Vão passar tudo que puderem, porque há muita gente no Congresso alinhada com esse governo. Estão criando todo tipo de jabuti para poder reduzir áreas conservadas, flexibilizar legislação e todo um processo para derrubar todos os avanços. Não sou contra o fato de o Brasil ser campeão na agricultura ou pecuária. A gente só quer que as pessoas façam isso direito.

E seria possível?
Imagina o potencial de bioeconomia que tem na Amazônia. Mas o Brasil virou as costas para a floresta. Esse governo foi um fracasso na questão do incêndio da Amazônia, no ano passado. É como se a gente estivesse queimando uma parte da Biblioteca de Alexandria sem ter lido os livros. E o impacto no clima será brutal. Há uma falta de vontade, do governo, de entender isso. Estou muito preocupado com o Brasil.

Ainda vamos regredir mais até o fim do ano que vem?
Se for nessa toada de perda de 13 mil km² por ano da Amazônia, estaremos perdendo mais uns 20 mil km² até lá. É uma barbaridade. Não conheço esse novo ministro [Joaquim Leite], mas era braço-direito do Salles. Só que quem manda lá não é o ministro e sim o Bolsonaro. E ele é contra o meio ambiente.

É possível alcançar a meta de carbono neutro nas empresas nos próximos anos?
Sim. Hoje em dia é possível. Há muitas empresas que já são carbono zero. Uma delas é a Suzano. A Klabin vem evoluindo. Além do carbono, temos de falar de outras questões também. No Paraná, a Klabin tem 500 mil hectares de área plantada. Lá há um importante corredor ecológico. Se no passado isso não tinha valor, hoje tem uma importância brutal. E a biodiversidade que tem lá ainda é desconhecida. A Suzano, que tem 900 mil hectares de floresta nativa, vai criar corredores ecológicos. Isso significa falar de carbono, biodiversidade e água. Estamos arranhando a superfície das oportunidades.

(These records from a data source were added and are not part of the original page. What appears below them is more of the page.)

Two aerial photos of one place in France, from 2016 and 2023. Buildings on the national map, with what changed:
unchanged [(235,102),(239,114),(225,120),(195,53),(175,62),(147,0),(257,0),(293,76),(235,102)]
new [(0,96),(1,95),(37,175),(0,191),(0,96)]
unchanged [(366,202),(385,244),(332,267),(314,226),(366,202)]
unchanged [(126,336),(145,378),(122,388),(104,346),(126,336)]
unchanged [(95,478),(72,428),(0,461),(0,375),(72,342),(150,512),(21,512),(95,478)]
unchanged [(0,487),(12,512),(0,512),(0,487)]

O senhor está otimista, então?
O Bolsonaro vai passar, mas vai deixar um estrago muio grande no meio ambiente. Acredito que a sociedade brasileira vai se recuperar. O que é chocante é ver um governo avesso ao diálogo. Para o atual presidente da República, quem pensa de forma diferente é inimigo.

Istock “Esse governo foi um fracasso na questão do incêndio da Amazônia. E o impacto no clima será brutal. Há uma falta de vontade em entender isso” (Crédito:Istock)

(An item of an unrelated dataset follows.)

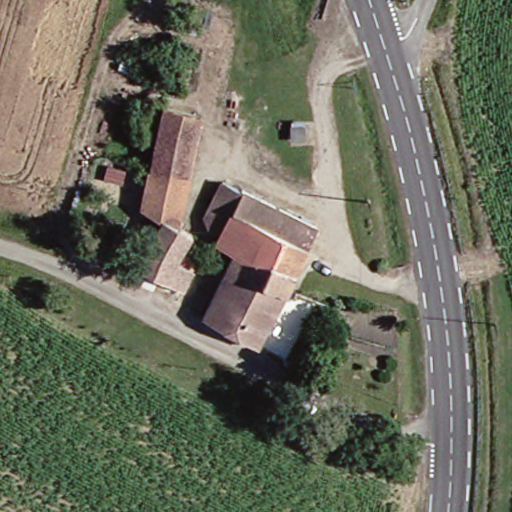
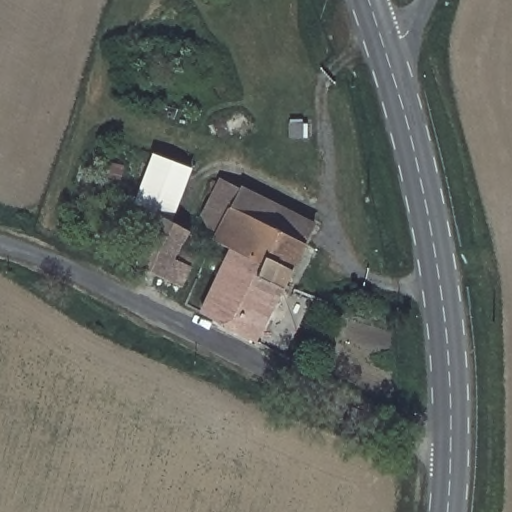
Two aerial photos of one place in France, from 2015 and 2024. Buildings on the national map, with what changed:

Acionista da Klabin e ao mesmo tempo ambientalista. O senhor foi visto com desconfiança?
Quando entrei no movimento ambientalista, eu era muito mal visto, por ser rico, dono de empresa, e ainda mais de uma empresa de papel e celulose. Ao longo do tempo, procurei me envolver mais nessas causas, e menos na Klabin. A partir daí passei a ser respeitado.

E como o senhor atua para que a empresa avance nesse tema?
Tenho um papel na companhia de ajudar a demover as pessoas de determinados conceitos e mostrar a importância cada vez maior da questão ambiental. A partir da década de 1990, a Klabin começou a mudar esse conceito, com a preocupação de clientes internacionais sobre a origem do papel fabricado. E aí houve uma sucessão de lideranças na empresa com mais sensibilidade sobre o tema. O Israel Klabin, meu primo e um dos acionistas, tem um trabalho importante da Fundação Brasileira para o Desenvolvimento Sustentável (FBDS). A cabeça da gestão técnica da Klabin foi mudando ao longo dos anos. E não mudou sozinha. O setor mudou. Hoje, além de conselheiro, faço parte do Comitê de Sustentabilidade.

Como nasceu o Instituto SOS Pantanal?
Quando saí da holding Klabin, embora siga com ações, havia a necessidade fazer a divisão de ativos e fiquei com uma área no Mato Grosso do Sul. E foi lá que criei, em 53 mil hectares, um refúgio ecológico. Fiz uma reserva privada e abri para turistas. Fui pioneiro no turismo de observação de fauna. A partir daí, fui convencido a criar o SOS Pantanal nos mesmos moldes da SOS Mata Atlântica e abordando boas práticas. Isso foi em 2009. Muita gente achava que não precisava porque é um bioma resolvido. Mas não é bem assim. Em 2019, fiquei durante 15 dias lutando para combater o fogo na minha fazenda. Aprendemos muito.

De que maneira?
Com o grande incêndio do Pantanal no ano passado, que queimou 26% da área de vegetação, o SOS Pantanal teve um desempenho fantástico. Criamos brigadas de incêndio no bioma. A meta é chegar a 28 brigadas e 13 já estão funcionando. Nossa missão é treinar as pessoas e doar equipamentos. Se vier outro incêndio, a gente estará muito mais preparado para atuar.